What is expected — Give again, exactly as written, each line of the material below starting at the line that contains "A CAD part, top" and ending at the line that contains "Its self-contained STEP". Both ends count, and no other line does.

Task material —

┌──

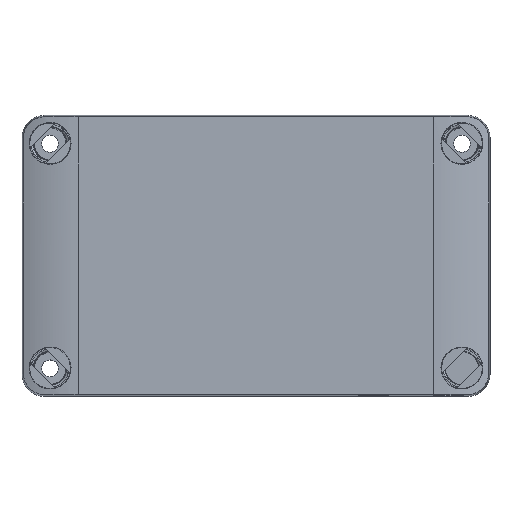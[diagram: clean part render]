
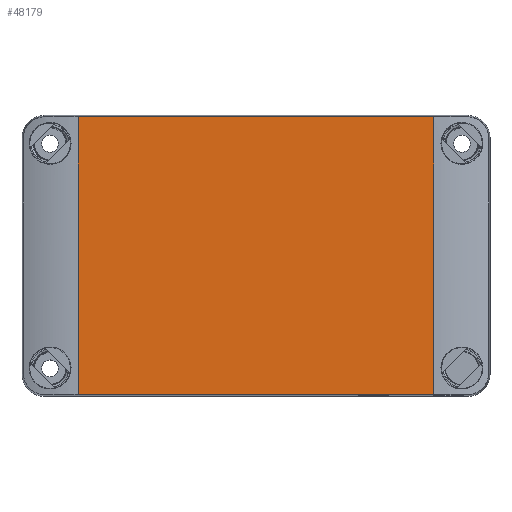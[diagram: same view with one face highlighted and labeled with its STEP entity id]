
A CAD part, top view. The second image highlights one B-rep face of the part: STEP entity #48179.
In plain terms, the highlighted planar face has unit normal (0, 0, 1).
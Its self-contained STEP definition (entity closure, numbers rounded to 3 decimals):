
#44792=DIRECTION('',(1.,0.,0.));
#44793=VECTOR('',#44792,95.);
#44794=CARTESIAN_POINT('',(-47.5,-37.064,25.));
#44795=LINE('',#44794,#44793);
#44953=DIRECTION('',(0.,1.,0.));
#44954=VECTOR('',#44953,74.127);
#44955=CARTESIAN_POINT('',(47.5,-37.064,25.));
#44956=LINE('',#44955,#44954);
#45054=DIRECTION('',(1.,0.,0.));
#45055=VECTOR('',#45054,95.);
#45056=CARTESIAN_POINT('',(-47.5,37.064,25.));
#45057=LINE('',#45056,#45055);
#45067=DIRECTION('',(0.,1.,0.));
#45068=VECTOR('',#45067,74.127);
#45069=CARTESIAN_POINT('',(-47.5,-37.064,25.));
#45070=LINE('',#45069,#45068);
#47701=CARTESIAN_POINT('',(-47.5,-37.064,25.));
#47702=CARTESIAN_POINT('',(47.5,-37.064,25.));
#47703=VERTEX_POINT('',#47701);
#47704=VERTEX_POINT('',#47702);
#47705=CARTESIAN_POINT('',(-47.5,37.064,25.));
#47706=CARTESIAN_POINT('',(47.5,37.064,25.));
#47707=VERTEX_POINT('',#47705);
#47708=VERTEX_POINT('',#47706);
#48167=CARTESIAN_POINT('',(-47.5,-37.5,25.));
#48168=DIRECTION('',(0.,0.,1.));
#48169=DIRECTION('',(1.,0.,0.));
#48170=AXIS2_PLACEMENT_3D('',#48167,#48168,#48169);
#48171=PLANE('',#48170);
#48172=ORIENTED_EDGE('',*,*,#48036,.F.);
#48174=ORIENTED_EDGE('',*,*,#48173,.T.);
#48175=ORIENTED_EDGE('',*,*,#48156,.T.);
#48176=ORIENTED_EDGE('',*,*,#48115,.F.);
#48177=EDGE_LOOP('',(#48172,#48174,#48175,#48176));
#48178=FACE_OUTER_BOUND('',#48177,.F.);
#48179=ADVANCED_FACE('',(#48178),#48171,.T.);
#48036=EDGE_CURVE('',#47703,#47704,#44795,.T.);
#48115=EDGE_CURVE('',#47704,#47708,#44956,.T.);
#48156=EDGE_CURVE('',#47707,#47708,#45057,.T.);
#48173=EDGE_CURVE('',#47703,#47707,#45070,.T.);

└──

Task result —
A CAD part, top view. The second image highlights one B-rep face of the part: STEP entity #48179.
In plain terms, the highlighted planar face has unit normal (0, 0, 1).
Its self-contained STEP definition (entity closure, numbers rounded to 3 decimals):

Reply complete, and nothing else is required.